It was one of those emails that catch your attention. Mauricio, then a fifteen-year-old student in a Brazilian school, sent an elegantly worded statement about how he taught himself English so that he could realize his dream of attending a university in the United States. Mauricio had been studying our website and, as he believed our school’s values were aligned with his, was determined to join our learning community. What I did not know at the time was that Mauricio was going to forever change our community’s perspectives on learning and our understanding of the world around us.
Mauricio’s application for admission to our high school was the first we had received from a blind student. While Mauricio did not seem to be concerned that his blindness would limit his learning, a reflection of his indomitable spirit that I quickly learned to admire and appreciate, our faculty did raise several valid questions and concerns.
The consideration of Mauricio’s application was framed and guided by a mission and set of beliefs that highlighted diversity and different learning styles as essential values. Through dialogue, learning, and understanding, the high school faculty committed to admitting Mauricio and providing him with the best educational program within our capabilities. Mauricio also supported us through this learning process and was always quick to remind us not to think of him as a blind person, but rather a person who happened to be blind.
During one of our admissions meetings, I welcomed Mauricio to my office with the greeting, “It is great to see you…” but cut myself off as I realized the insensitivity of my words. Mauricio smiled warmly and replied in a manner that conveyed wisdom beyond his years, “It is also great to seeyou.” While it was a seemingly minor moment of learning, it was also emblematic of our own collective growth. I humbly shared with Mauricio how it was likely that we were going to learn far more from him than he would learn from us. And, this was in fact the case. Four years later, Mauricio graduated from Graded, the school where I previously worked, and he realized his dream of attending and graduating from a top university in the United States. It was also during this time that we grew the most as professionals and as a community.
While Mauricio was a student at Graded, we had the honor of hosting two very special people, Bill and Ochan Powell, who conveyed a similar spirit of promise and a unique ability to instill an intrinsic commitment in others to be the best professionals and people they can be. Bill and Ochan scheduled time after their professional learning facilitation to interview Mauricio as part of their work associated with inclusive schools. I remember clearly how our faculty and I beamed with pride and a sense of purpose when Bill and Ochan highlighted and congratulated the team for their work with Mauricio and their efforts to ensure Graded was offering a highly functioning inclusive learning program.
The following two videos present clips from Bill and Ochan’s work with Mauricio.
Interview with Bill and Ochan:
Learning in a Science Classroom:
The videos highlight Bill’s talents and concern for others and, correspondingly, one of the many reasons why there has been such an extraordinary outpouring of sorrow, love, and admiration from around the world to the tragic news of Bill Powell’s sudden passing. Bill was a remarkable individual whose impressive professional capabilities were complemented with a warm heart and deeply caring nature.

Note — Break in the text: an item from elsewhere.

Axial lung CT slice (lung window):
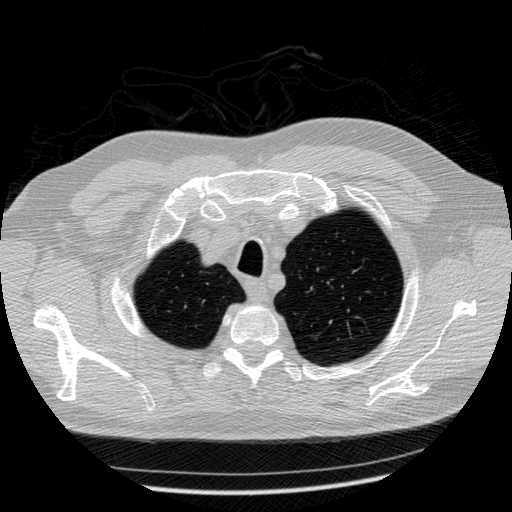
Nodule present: no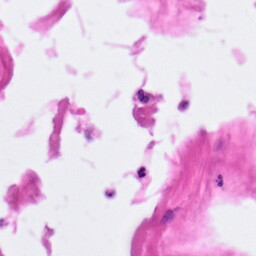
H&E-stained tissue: Pancreatic
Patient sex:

A recent exchange of emails with Mauricio highlighted the difference Bill’s vision and unwavering commitment to student learning and inclusion can make in a student’s life. The following is an extract from Mauricio’s note to me this week:
Needless to say, if it were not for my inclusion at Graded and before, I would not be where I am today. I have worked at internationally recognized corporations, attended top educational institutions abroad, learned the importance of adaptation and persistence, and demonstrated to others that blindness does not define one’s capabilities.
It all began with education – an education that was inclusive, grounded, and rigorous. It all began with teachers and administrators who believed in my potential, and who required of me the same as was required of any other student. If one has education one still faces challenges, the difference being that without it we have no solution. Blind people must be able to make any choice they wish for their future, with blindness being only a circumstance and physical characteristic. As the Olympics are held in Brazil, so will the Paralympics. We apply the inspiration and values from all athletes into our lives as much as possible so that we may continue fighting for opportunity for all people.
The message of six years ago still stands: people must ask questions, so that their doubts may be resolved. On the other hand, those with disabilities must believe in themselves, strive for their best, and not for what seems comfortable, and never be let down by expectations by others. Others may not know our full potential, but I find that most people will be allies if we help them help us. And, schools cannot do it alone – families must understand that disabilities shall never define where one wishes to go.
I am deeply grateful to Mauricio and Bill and Ochan Powell for the real difference they have made in our lives. Looking ahead, we hope to honor Bill’s significant contributions to the field of education and his dedication to the lives of others by ensuring a collective commitment to furthering his vision of inclusive schools where diversity, difference, and all learning styles are valued within the context of a plurality of thought and perspectives. Next Frontier Inclusion’s mission must also be our own: “to promote and protect the interests of children who learn in different ways or at different rates.” This is our moral obligation to Mauricio and all of the students, families, and communities we have the privilege of working with at our schools.